USA TODAY, August 12, 2015
Rubio’s sweet but wasted bravery
by James Bovard
Fighting to kill jobs won’t win election
America would be more prosperous if not a single sugar beet or sugar cane were grown anywhere in the United States because bankrolling sugar production in Florida makes as little sense as growing bananas in Maine. So when Sen. Marco Rubio, R-Fla., walked into the Koch conclave earlier this month and defended his home state boondoggle in front of the most powerful enemies of corporate welfare, he became the bravest man in politics.
Rarely has such political daring been offered in a more worthless cause. Federal price supports and import quotas combine to force American consumers to pay more than $3 billion a year in higher prices, according to the Commerce Department.

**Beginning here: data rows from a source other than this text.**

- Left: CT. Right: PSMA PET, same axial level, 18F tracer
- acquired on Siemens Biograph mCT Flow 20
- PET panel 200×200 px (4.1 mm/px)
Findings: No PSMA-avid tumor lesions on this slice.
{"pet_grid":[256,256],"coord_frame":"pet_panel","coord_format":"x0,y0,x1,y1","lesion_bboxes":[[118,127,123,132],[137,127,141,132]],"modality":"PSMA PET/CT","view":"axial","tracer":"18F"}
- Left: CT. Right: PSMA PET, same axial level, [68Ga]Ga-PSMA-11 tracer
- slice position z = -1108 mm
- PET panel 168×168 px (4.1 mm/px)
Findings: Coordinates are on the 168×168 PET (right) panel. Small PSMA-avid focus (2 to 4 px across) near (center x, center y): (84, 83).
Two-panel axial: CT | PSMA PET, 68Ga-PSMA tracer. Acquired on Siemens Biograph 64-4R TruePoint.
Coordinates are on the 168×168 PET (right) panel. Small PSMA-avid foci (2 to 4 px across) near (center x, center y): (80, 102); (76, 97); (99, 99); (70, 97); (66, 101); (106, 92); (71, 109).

Federal sugar policy has a long, sordid history. In 1816, Congress imposed high tariffs on sugar imports in part to prop up the value of slaves in Louisiana. In the 1890s, Congress abolished and then re-imposed the sugar tariff, spurring a boom-bust in Cuba that helped drag the U.S. into the Spanish-American War.

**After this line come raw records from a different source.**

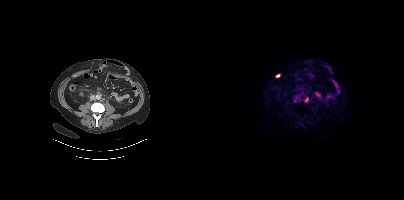
Technique: Two-panel axial: CT | PSMA PET, 18F-PSMA tracer. acquired on Siemens Biograph mCT Flow 20.
Findings: Coordinates are on the 200×200 PET (right) panel. (showing 2 of 3 foci) Small PSMA-avid foci (2 to 4 px across) near (center x, center y): (95, 100) (102, 100).
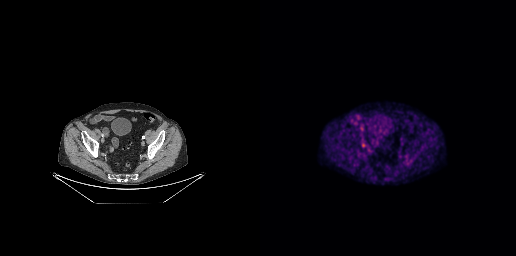
Only PSMA-avid lesion pieces thinner than 2 px on this slice (not listed). Two-panel axial: CT | PSMA PET, 18F-PSMA tracer.
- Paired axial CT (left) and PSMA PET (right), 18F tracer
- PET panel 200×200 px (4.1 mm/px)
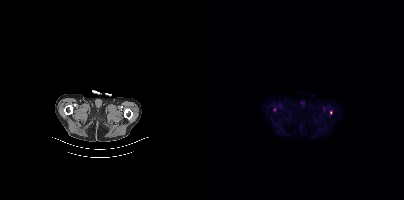
Findings: Coordinates are on the 200×200 PET (right) panel. Small PSMA-avid foci (2 to 4 px across) near (center x, center y): (127, 112) / (70, 109).

Sugar is perhaps America’s least efficient welfare program, costing consumers vastly more than it benefits farmers. Despite subsidies, the number of sugar growers has fallen by about half in the past three decades. The General Accounting Office estimated in 1995 that 1% of sugar growers captured almost half of all the benefits from the program.
As a result of the high prices, candy and other food manufacturers are shifting production to foreign nations (especially Canada). A study by Agralytica, an economic consulting firm, estimated the sugar program has cost over 120,000 jobs since 1997.
Because the U.S. mainland does not have a natural climate for sugar production, farmers have to compensate by dousing the land with fertilizer. As nearly 500,000 acres of the Everglades have been converted from swampland to sugar fields, phosphorous from the fertilizer has ravaged the region’s ecosystem. Politicians have launched hugely expensive efforts to curb the environmental harm but, as a New York Times 2010 exposé proved, the sugar industry benefited, not the Everglades.
The sugar program offers perennial confirmation of H.L. Mencken’s adage that every election is an “advance auction of stolen goods.” Congress shafts consumers because the sugar industry has directed millions to politicians, including almost $50 million in campaign contributions and lobbying between 2008 and 2013 alone. The economic arguments offered in defense of the program are merely camouflage for political plunder.
Food manufacturers, environmental groups and free-market activists are leading another assault on the program, and lawmakers are pushing a bill to limit the disruption the sugar program inflicts. That’s a first step, not a solution.
James Bovard is the author of Public Policy Hooligan and a member of USA TODAY’s Board of Contributors.